(Problem to solve):
Make an exact copy of all the data, pictures excluded.

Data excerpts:
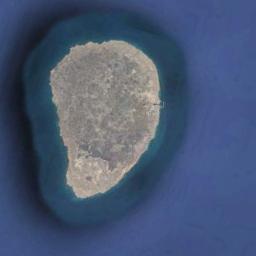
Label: island
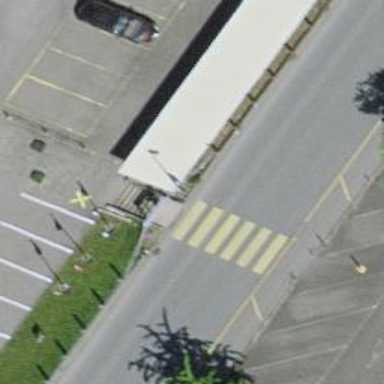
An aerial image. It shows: Marked road crossing.
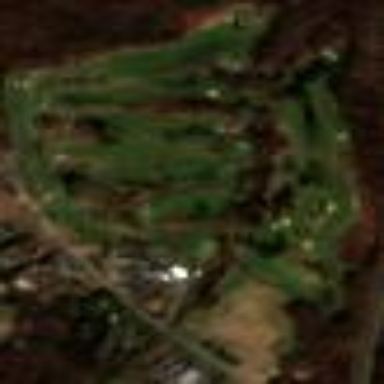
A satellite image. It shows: Golf course surrounded by greenery.
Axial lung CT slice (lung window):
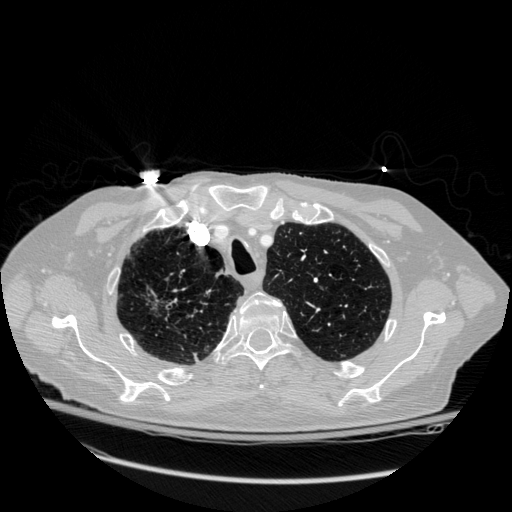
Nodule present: no
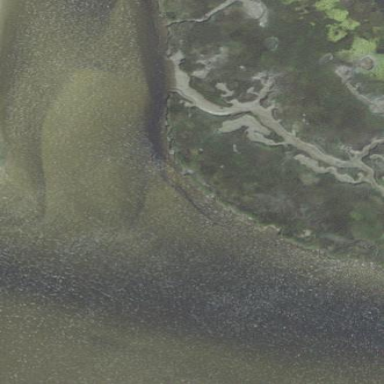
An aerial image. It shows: Tidal wetland featuring tidal flat landscape.
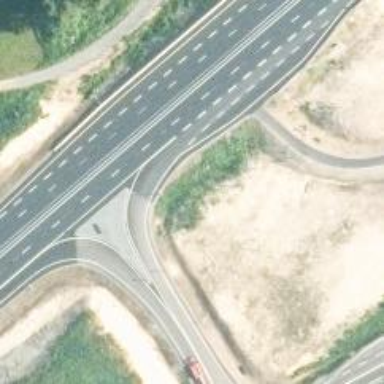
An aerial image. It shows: Trunk link highway.
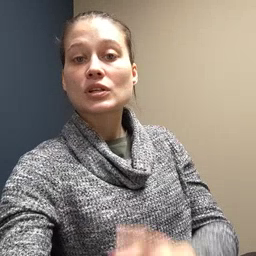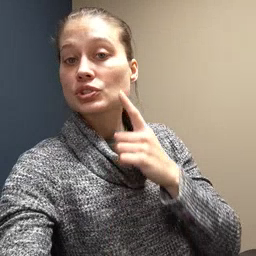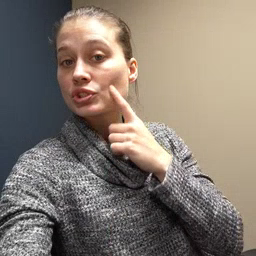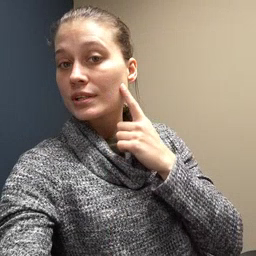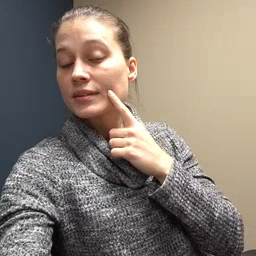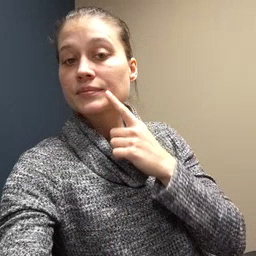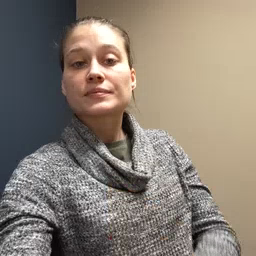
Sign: cheek
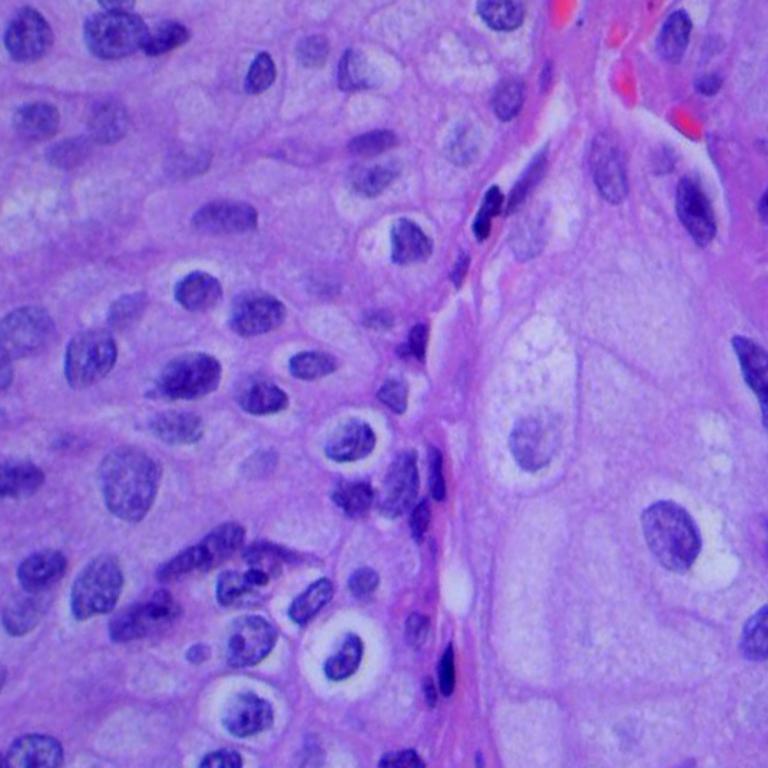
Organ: lung
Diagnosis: squamous carcinomas
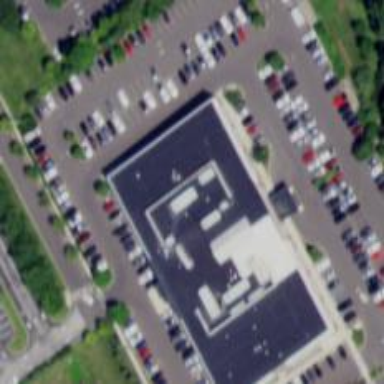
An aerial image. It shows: Hospital building.
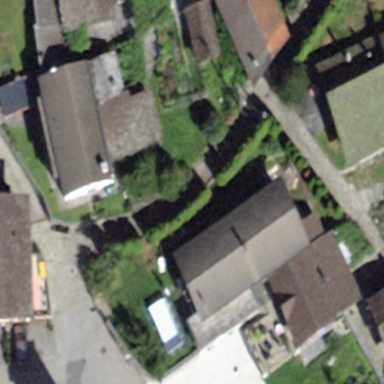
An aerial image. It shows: Detached building.
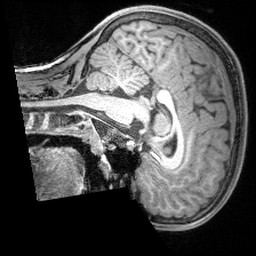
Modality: T1w
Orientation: sagittal
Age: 9
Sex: female
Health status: ill
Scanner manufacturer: siemens
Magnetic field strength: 3 T
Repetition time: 1.6 s
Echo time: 0.00179 s

(Answer below):
Label: island
An aerial image. It shows: Marked road crossing.
A satellite image. It shows: Golf course surrounded by greenery.
Axial lung CT slice (lung window):
Nodule present: no
An aerial image. It shows: Tidal wetland featuring tidal flat landscape.
An aerial image. It shows: Trunk link highway.
Sign: cheek
Organ: lung
Diagnosis: squamous carcinomas
An aerial image. It shows: Hospital building.
An aerial image. It shows: Detached building.
Modality: T1w
Orientation: sagittal
Age: 9
Sex: female
Health status: ill
Scanner manufacturer: siemens
Magnetic field strength: 3 T
Repetition time: 1.6 s
Echo time: 0.00179 s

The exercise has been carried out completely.